A: Since the coefficients $c_0,\dots,c_n$ of the characteristic polynomial $\chi_A$ of $A$ are given by the symmetric functions $f_k(x_1,\dots,x_n)=\sum_{1\le i_1<\dots<i_k\le n}x_{i_1}\cdots x_{i_k}$ applied to its eigenvalues $\lambda_1,\dots,\lambda_n$ (specifically, $c_k=(-1)^{(n-k)}f_{n-k}(\lambda_1,\dots,\lambda_n)$), one can see that the lowest non-zero coefficient $c_i$ is exactly $(-1)^{n-i}$ times the product of the non-zero eigenvalues.
The reason is that if there are (counted with multiplicity) $j$ non-zero eigenvalues $\lambda_{i_1},\dots,\lambda_{i_j}$, then each monomial in $f_k$, where $k>j$, must contain at least one factor which evaluates to $0$ at $(\lambda_1,\dots,\lambda_n)$, while $f_j$ contains the (unique!) monomial $x_{i_1}\cdots x_{i_j}$ which evaluates to $\lambda_{i_1}\cdots\lambda_{i_j}\neq 0$. 
For the given matrix $A$, $\chi_a(x)=x^5-5x^4+6x^3$, giving the solution $6$.
A: You can find the characteristic polynomial, and then the last nonzero coefficient is $\pm$ the product of the non-zero eigenvalues, depending on the degree. 
For example, the characteristic polynomial for above is:
$$p(\lambda)=\det(\lambda I-A) = \lambda^5-5\lambda^4+6\lambda^3,$$ the product of the non-zero eigenvalues would be $6$. 
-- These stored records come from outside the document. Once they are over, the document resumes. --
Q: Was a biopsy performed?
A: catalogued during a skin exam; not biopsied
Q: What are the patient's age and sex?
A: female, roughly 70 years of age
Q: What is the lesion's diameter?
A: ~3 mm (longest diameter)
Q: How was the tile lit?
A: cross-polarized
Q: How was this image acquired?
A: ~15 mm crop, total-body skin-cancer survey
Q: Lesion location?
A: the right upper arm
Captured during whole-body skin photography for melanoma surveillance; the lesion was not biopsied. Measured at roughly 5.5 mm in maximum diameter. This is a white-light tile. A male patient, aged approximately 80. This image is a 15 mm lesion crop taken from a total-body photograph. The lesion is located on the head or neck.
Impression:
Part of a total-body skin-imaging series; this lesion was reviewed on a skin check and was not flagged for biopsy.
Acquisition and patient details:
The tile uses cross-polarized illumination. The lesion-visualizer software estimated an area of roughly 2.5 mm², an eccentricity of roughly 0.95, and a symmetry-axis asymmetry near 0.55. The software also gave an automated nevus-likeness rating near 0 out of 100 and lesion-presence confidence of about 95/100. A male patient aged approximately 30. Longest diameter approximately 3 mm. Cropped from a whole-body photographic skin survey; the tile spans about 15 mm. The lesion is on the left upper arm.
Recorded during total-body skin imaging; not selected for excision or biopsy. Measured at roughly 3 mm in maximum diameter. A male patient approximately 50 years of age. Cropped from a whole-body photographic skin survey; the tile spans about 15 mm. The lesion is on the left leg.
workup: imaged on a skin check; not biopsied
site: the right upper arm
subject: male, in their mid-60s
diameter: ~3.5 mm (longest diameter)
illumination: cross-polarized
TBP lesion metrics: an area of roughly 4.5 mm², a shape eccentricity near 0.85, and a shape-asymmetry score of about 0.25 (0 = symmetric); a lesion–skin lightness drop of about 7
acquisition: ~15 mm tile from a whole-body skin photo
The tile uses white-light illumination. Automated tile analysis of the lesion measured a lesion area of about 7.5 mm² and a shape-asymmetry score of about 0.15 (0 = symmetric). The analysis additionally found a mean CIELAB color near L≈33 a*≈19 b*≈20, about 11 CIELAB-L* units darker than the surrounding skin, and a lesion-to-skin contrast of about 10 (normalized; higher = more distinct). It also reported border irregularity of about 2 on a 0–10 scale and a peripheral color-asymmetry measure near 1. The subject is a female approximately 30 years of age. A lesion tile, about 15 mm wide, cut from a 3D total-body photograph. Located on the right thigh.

This is only true, in general, if you want to count with duplication, so if there is a repeated non-zero eigenvalue, then you include those in the product multiple times.
You can get the non-repeated product of the non-zero eigenvalues by computing the GCD of the two polynomails, $p(x),p'(x)$, and dividing that from $p(x)$. So:
$$q(x)=\frac{p(x)}{\gcd(p(x),p'(x))}$$
is a polynomial with the same roots as $p(x)$, but no repeated roots. Then the product of the non-zero roots, without multiplicity, will be $\pm$ the last non-zero coefficient of $q(x)$.
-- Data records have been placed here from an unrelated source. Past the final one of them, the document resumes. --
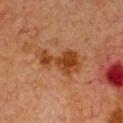Clinical summary:
The subject is a female aged 38–42. A 15 mm close-up extracted from a 3D total-body photography capture. Automated image analysis of the tile measured a footprint of about 14 mm² and a shape eccentricity near 0.9. And it measured a lesion–skin lightness drop of about 9 and a lesion-to-skin contrast of about 8.5 (normalized; higher = more distinct). It also reported a border-irregularity index near 5/10 and a color-variation rating of about 4/10. The lesion is located on the front of the torso. Captured under cross-polarized illumination.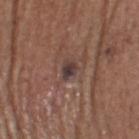Impression:
No biopsy was performed on this lesion — it was imaged during a full skin examination and was not determined to be concerning.
Context:
Automated image analysis of the tile measured a lesion–skin lightness drop of about 10 and a normalized lesion–skin contrast near 9.5. Longest diameter approximately 2.5 mm. Imaged with white-light lighting. A male patient approximately 65 years of age. Cropped from a whole-body photographic skin survey; the tile spans about 15 mm. From the head or neck.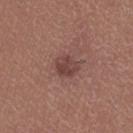Clinical impression:
Part of a total-body skin-imaging series; this lesion was reviewed on a skin check and was not flagged for biopsy.
Acquisition and patient details:
A 15 mm crop from a total-body photograph taken for skin-cancer surveillance. An algorithmic analysis of the crop reported an area of roughly 6 mm² and an eccentricity of roughly 0.5. It also reported a lesion color around L≈42 a*≈21 b*≈22 in CIELAB and a lesion–skin lightness drop of about 9. The analysis additionally found a border-irregularity rating of about 2/10, a color-variation rating of about 3/10, and radial color variation of about 1. And it measured a classifier nevus-likeness of about 30/100 and a lesion-detection confidence of about 100/100. A female patient, aged approximately 40. From the left thigh. This is a white-light tile. The recorded lesion diameter is about 3 mm.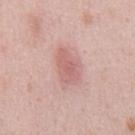This lesion was catalogued during total-body skin photography and was not selected for biopsy. The subject is a male roughly 40 years of age. On the abdomen. A 15 mm crop from a total-body photograph taken for skin-cancer surveillance. Approximately 4.5 mm at its widest.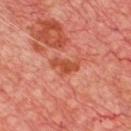No biopsy was performed on this lesion — it was imaged during a full skin examination and was not determined to be concerning.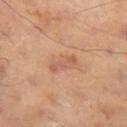Assessment: No biopsy was performed on this lesion — it was imaged during a full skin examination and was not determined to be concerning. Clinical summary: This is a cross-polarized tile. The lesion is located on the leg. Cropped from a total-body skin-imaging series; the visible field is about 15 mm. About 3.5 mm across.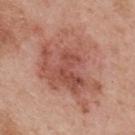| key | value |
|---|---|
| biopsy status | imaged on a skin check; not biopsied |
| tile lighting | white-light |
| patient | male, roughly 55 years of age |
| anatomic site | the upper back |
| size | ~9.5 mm (longest diameter) |
| image source | ~15 mm crop, total-body skin-cancer survey |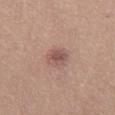Clinical impression: The lesion was photographed on a routine skin check and not biopsied; there is no pathology result. Background: Automated image analysis of the tile measured an area of roughly 5 mm². The software also gave a mean CIELAB color near L≈52 a*≈21 b*≈22, roughly 10 lightness units darker than nearby skin, and a normalized lesion–skin contrast near 7. The software also gave border irregularity of about 2 on a 0–10 scale and internal color variation of about 3 on a 0–10 scale. Captured under white-light illumination. The patient is a male aged 23–27. Cropped from a total-body skin-imaging series; the visible field is about 15 mm. The lesion is on the mid back.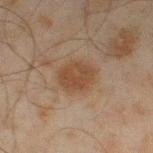The lesion was tiled from a total-body skin photograph and was not biopsied. This image is a 15 mm lesion crop taken from a total-body photograph. The subject is a male in their mid-40s. From the left thigh. An algorithmic analysis of the crop reported a footprint of about 9 mm² and an eccentricity of roughly 0.65. The software also gave a mean CIELAB color near L≈37 a*≈15 b*≈26, roughly 7 lightness units darker than nearby skin, and a normalized border contrast of about 7.5. It also reported a classifier nevus-likeness of about 65/100. Captured under cross-polarized illumination. The lesion's longest dimension is about 3.5 mm.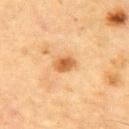Q: Was this lesion biopsied?
A: imaged on a skin check; not biopsied
Q: What did automated image analysis measure?
A: an area of roughly 4.5 mm², a shape eccentricity near 0.8, and two-axis asymmetry of about 0.2; a border-irregularity index near 2/10, a color-variation rating of about 4.5/10, and radial color variation of about 1.5
Q: Lesion location?
A: the front of the torso
Q: How was the tile lit?
A: cross-polarized
Q: Who is the patient?
A: male, aged 83 or over
Q: Lesion size?
A: ≈3 mm
Q: What kind of image is this?
A: total-body-photography crop, ~15 mm field of view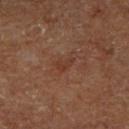Q: Was a biopsy performed?
A: no biopsy performed (imaged during a skin exam)
Q: How was this image acquired?
A: 15 mm crop, total-body photography
Q: Where on the body is the lesion?
A: the right lower leg
Q: What are the patient's age and sex?
A: male, in their 60s
Q: How was the tile lit?
A: cross-polarized
Q: How large is the lesion?
A: ≈2.5 mm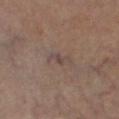<record>
<biopsy_status>not biopsied; imaged during a skin examination</biopsy_status>
<image>
  <source>total-body photography crop</source>
  <field_of_view_mm>15</field_of_view_mm>
</image>
<automated_metrics>
  <area_mm2_approx>3.5</area_mm2_approx>
  <eccentricity>0.9</eccentricity>
  <shape_asymmetry>0.5</shape_asymmetry>
  <lesion_detection_confidence_0_100>80</lesion_detection_confidence_0_100>
</automated_metrics>
<patient>
  <sex>male</sex>
  <age_approx>60</age_approx>
</patient>
<lesion_size>
  <long_diameter_mm_approx>3.0</long_diameter_mm_approx>
</lesion_size>
<lighting>cross-polarized</lighting>
<site>right lower leg</site>
</record>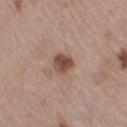Part of a total-body skin-imaging series; this lesion was reviewed on a skin check and was not flagged for biopsy.
The recorded lesion diameter is about 3 mm.
Cropped from a whole-body photographic skin survey; the tile spans about 15 mm.
From the left thigh.
The total-body-photography lesion software estimated an area of roughly 5.5 mm², a shape eccentricity near 0.65, and two-axis asymmetry of about 0.25. It also reported an average lesion color of about L≈48 a*≈19 b*≈27 (CIELAB), a lesion–skin lightness drop of about 13, and a normalized lesion–skin contrast near 9.5. The software also gave a border-irregularity index near 2/10, a within-lesion color-variation index near 3.5/10, and a peripheral color-asymmetry measure near 1. It also reported an automated nevus-likeness rating near 90 out of 100.
This is a white-light tile.
A female patient in their 40s.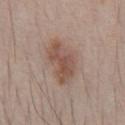The lesion is located on the chest. A male subject aged approximately 40. Longest diameter approximately 5 mm. Cropped from a whole-body photographic skin survey; the tile spans about 15 mm.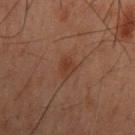Assessment:
The lesion was tiled from a total-body skin photograph and was not biopsied.
Clinical summary:
Approximately 2.5 mm at its widest. Automated image analysis of the tile measured a lesion color around L≈27 a*≈17 b*≈23 in CIELAB, roughly 5 lightness units darker than nearby skin, and a normalized border contrast of about 6. It also reported a border-irregularity rating of about 2/10, a within-lesion color-variation index near 2/10, and radial color variation of about 1. It also reported a classifier nevus-likeness of about 25/100 and lesion-presence confidence of about 100/100. The subject is a male roughly 60 years of age. This is a cross-polarized tile. Located on the mid back. A 15 mm crop from a total-body photograph taken for skin-cancer surveillance.

A: By inspection (because of all the zeros in the matrix) you can see that the span $W_2$ of the first and fifth standard basis vectors is an invariant subspace, as is the span $W_3$ of the remaining three standard basis vectors. You therefore have a decomposition $\Bbb R^5=W_2\oplus W_3$ a direct sum of two invariant subspaces (of dimension $2$ and $3$), and you can find the eigenvalues of the restrictions to those subspaces separately, and then combine them.
For $W_2$ you linear operator is a rank $1$ matrix with trace $2$, so you get eigenvalues $0$ and $2$. For $W_3$ the action is given by the $3\times 3$ sub-matrix at the center. It is rank $1$ with trace $3$, so the eigenvalues are $0$ (double) and $3$. So your nonzero (simple) eigenvalues are $2,3$ and $2\times3=6$.
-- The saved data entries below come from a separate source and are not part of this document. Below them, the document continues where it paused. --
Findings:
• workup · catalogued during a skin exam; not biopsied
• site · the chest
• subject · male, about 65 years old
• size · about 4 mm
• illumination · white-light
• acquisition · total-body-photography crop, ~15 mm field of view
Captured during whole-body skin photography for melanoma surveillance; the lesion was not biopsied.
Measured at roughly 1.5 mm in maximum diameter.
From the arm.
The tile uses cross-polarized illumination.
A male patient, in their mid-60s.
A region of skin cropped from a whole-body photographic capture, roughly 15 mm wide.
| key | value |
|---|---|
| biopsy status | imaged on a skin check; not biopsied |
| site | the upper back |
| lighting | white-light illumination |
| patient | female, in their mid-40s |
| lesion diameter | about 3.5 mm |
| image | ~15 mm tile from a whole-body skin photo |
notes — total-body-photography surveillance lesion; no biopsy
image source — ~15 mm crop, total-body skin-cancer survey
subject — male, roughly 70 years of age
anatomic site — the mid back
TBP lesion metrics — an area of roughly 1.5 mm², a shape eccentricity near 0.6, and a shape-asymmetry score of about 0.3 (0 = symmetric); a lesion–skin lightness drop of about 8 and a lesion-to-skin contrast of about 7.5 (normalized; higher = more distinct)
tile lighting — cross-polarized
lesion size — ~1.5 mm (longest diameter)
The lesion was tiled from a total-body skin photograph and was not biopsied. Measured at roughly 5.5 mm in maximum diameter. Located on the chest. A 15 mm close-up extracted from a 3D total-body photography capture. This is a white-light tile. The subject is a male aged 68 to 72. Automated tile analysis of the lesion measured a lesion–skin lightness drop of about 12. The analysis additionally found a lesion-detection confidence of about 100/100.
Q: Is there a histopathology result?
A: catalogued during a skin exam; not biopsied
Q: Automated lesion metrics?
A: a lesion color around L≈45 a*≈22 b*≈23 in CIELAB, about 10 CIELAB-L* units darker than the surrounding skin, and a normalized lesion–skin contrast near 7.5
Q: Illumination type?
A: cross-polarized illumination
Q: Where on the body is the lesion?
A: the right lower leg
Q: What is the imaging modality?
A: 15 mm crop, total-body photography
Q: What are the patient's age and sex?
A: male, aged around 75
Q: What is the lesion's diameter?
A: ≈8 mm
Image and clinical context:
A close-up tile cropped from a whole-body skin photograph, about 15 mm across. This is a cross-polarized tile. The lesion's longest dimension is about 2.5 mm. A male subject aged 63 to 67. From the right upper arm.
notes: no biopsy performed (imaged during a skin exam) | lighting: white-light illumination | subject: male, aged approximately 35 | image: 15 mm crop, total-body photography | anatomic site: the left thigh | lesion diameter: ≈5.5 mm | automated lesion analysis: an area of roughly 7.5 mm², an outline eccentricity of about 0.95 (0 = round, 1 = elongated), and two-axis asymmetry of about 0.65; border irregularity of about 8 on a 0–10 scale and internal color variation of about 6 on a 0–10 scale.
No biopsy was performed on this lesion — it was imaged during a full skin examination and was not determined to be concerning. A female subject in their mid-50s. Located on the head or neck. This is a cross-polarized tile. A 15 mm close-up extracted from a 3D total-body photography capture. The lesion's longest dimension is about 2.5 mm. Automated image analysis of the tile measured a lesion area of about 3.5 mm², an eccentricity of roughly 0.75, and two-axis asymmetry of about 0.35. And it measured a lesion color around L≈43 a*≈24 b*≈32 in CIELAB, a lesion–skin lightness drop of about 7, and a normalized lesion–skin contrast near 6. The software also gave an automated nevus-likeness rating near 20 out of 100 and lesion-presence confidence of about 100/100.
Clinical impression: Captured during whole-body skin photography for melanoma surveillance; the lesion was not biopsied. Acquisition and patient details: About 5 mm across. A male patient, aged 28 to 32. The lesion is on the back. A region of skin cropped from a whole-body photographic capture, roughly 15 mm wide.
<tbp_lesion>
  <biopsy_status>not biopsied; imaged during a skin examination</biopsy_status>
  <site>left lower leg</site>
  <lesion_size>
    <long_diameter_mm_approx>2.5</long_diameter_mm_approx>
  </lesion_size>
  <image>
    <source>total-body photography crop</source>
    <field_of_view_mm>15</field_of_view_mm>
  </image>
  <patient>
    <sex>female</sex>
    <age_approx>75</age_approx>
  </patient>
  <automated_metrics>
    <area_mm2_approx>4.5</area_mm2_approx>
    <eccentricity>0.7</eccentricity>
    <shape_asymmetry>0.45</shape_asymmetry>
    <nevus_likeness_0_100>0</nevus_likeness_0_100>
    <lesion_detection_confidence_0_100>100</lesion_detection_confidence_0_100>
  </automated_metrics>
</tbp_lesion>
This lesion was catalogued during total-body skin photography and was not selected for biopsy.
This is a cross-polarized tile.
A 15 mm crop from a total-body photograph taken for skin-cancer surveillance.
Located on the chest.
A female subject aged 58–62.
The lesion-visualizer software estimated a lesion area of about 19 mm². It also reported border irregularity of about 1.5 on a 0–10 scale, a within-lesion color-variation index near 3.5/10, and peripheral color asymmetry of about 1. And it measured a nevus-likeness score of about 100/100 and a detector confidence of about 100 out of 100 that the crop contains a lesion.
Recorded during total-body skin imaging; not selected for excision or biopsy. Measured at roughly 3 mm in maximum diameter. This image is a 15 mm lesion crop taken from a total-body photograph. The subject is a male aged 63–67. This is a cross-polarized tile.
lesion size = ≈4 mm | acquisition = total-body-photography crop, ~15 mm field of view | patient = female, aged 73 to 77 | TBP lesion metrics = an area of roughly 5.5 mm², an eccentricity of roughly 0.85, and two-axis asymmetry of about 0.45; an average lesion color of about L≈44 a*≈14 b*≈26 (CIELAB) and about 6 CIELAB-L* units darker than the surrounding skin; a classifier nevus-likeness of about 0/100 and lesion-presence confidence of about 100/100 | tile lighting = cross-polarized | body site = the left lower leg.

This uses that fact that a rank$~1$ matrix of size $n>1$ has an eigenvalue$~0$ of multiplicity at least $n-1$ (the dimension of its kernel), and a final eigenvalue equal to its trace (which is the sum of the eigenvalues). And that a nonzero matrix with all entries equal has rank$~1$. These facts are obvious, whence "by inspection". I did not need the eigenvectors of the rank$~1$ matrices themselves, but clearly any (nonzero) column of such a matrix is an eigenvector. In this case, taking into account the initial decomposition into invariant subspaces, this gives you as eigenvectors the first two columns of your original matrix.

Since they are asking for the product of nonzero eigenvalues and your matrix is diagonalisable (since symmetric), you could alternatively interpret that number as the determinant of the action of this matrix on its image subspace. That image has (by inspection) the first two columns of you matrix as basis, and on that basis the restricted action is given by the matrix $({2\atop0}~{0\atop3})$ which has determinant $6$.